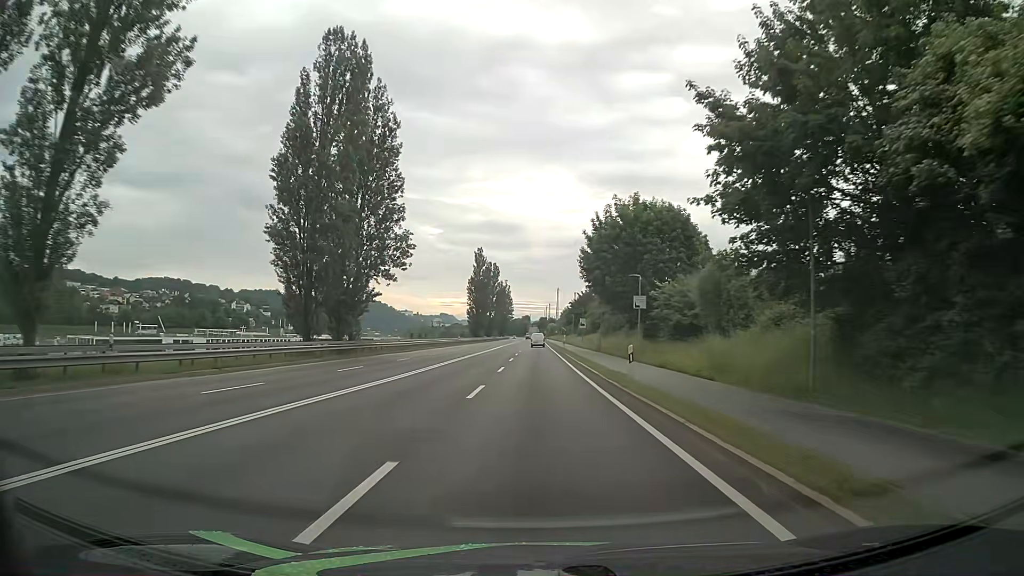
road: primary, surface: asphalt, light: Day
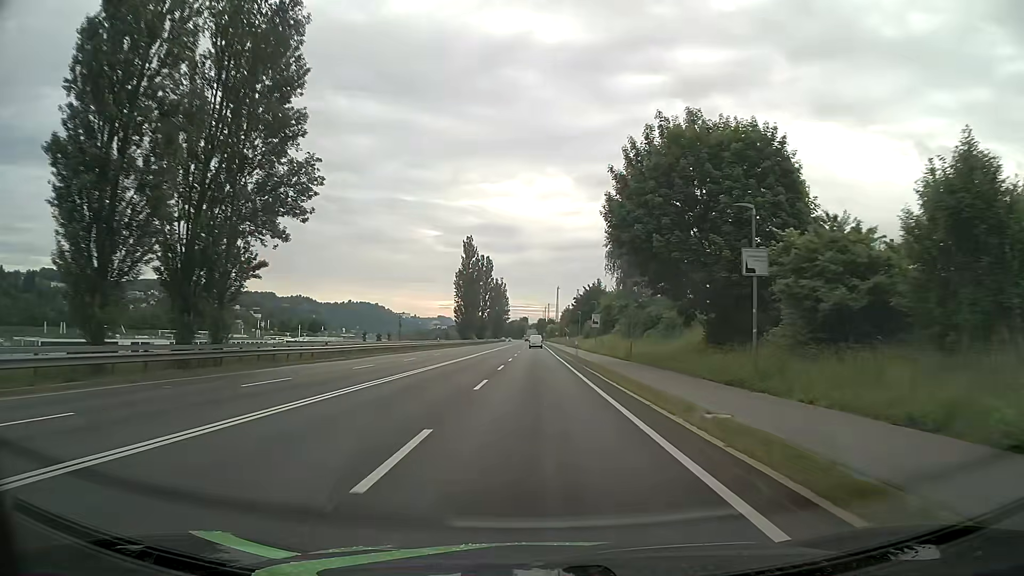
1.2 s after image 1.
(-0.1, +21.4) m; 0°
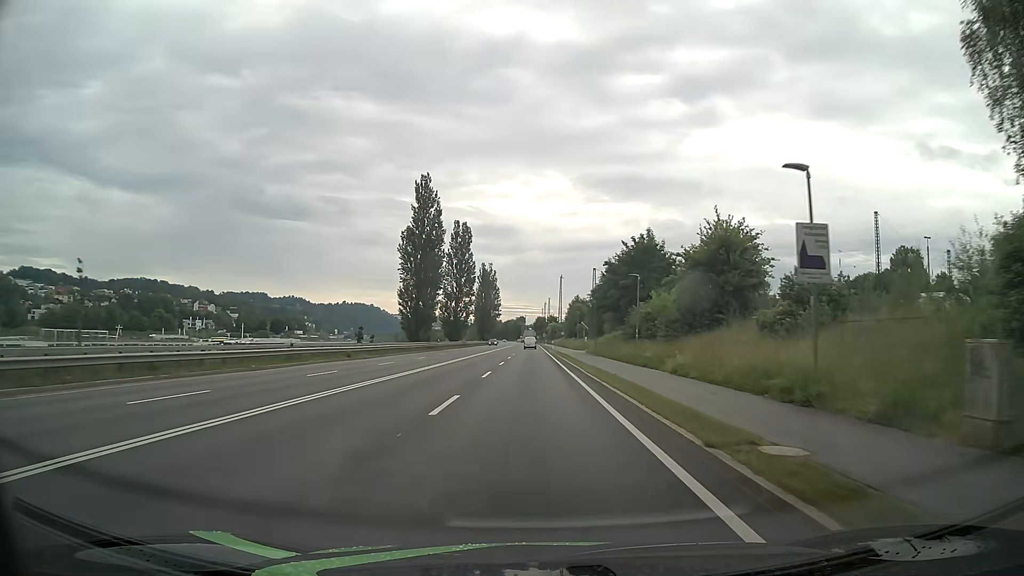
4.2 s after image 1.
(+0.2, +53.6) m; 0°
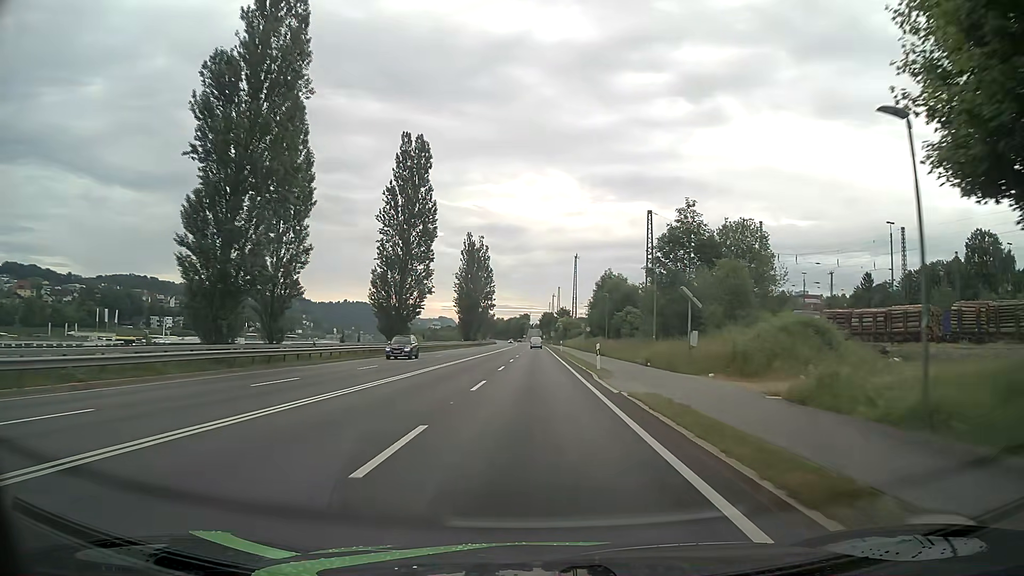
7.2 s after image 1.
════════════════════
## ABOUT THIS EXERCISE
If an entry contains a picture, skip the picture and reproduce everything else exactly.

## ANSWER SECTION
road: primary, surface: asphalt, light: Day
1.2 s after image 1.
(-0.1, +21.4) m; 0°
4.2 s after image 1.
(+0.2, +53.6) m; 0°
7.2 s after image 1.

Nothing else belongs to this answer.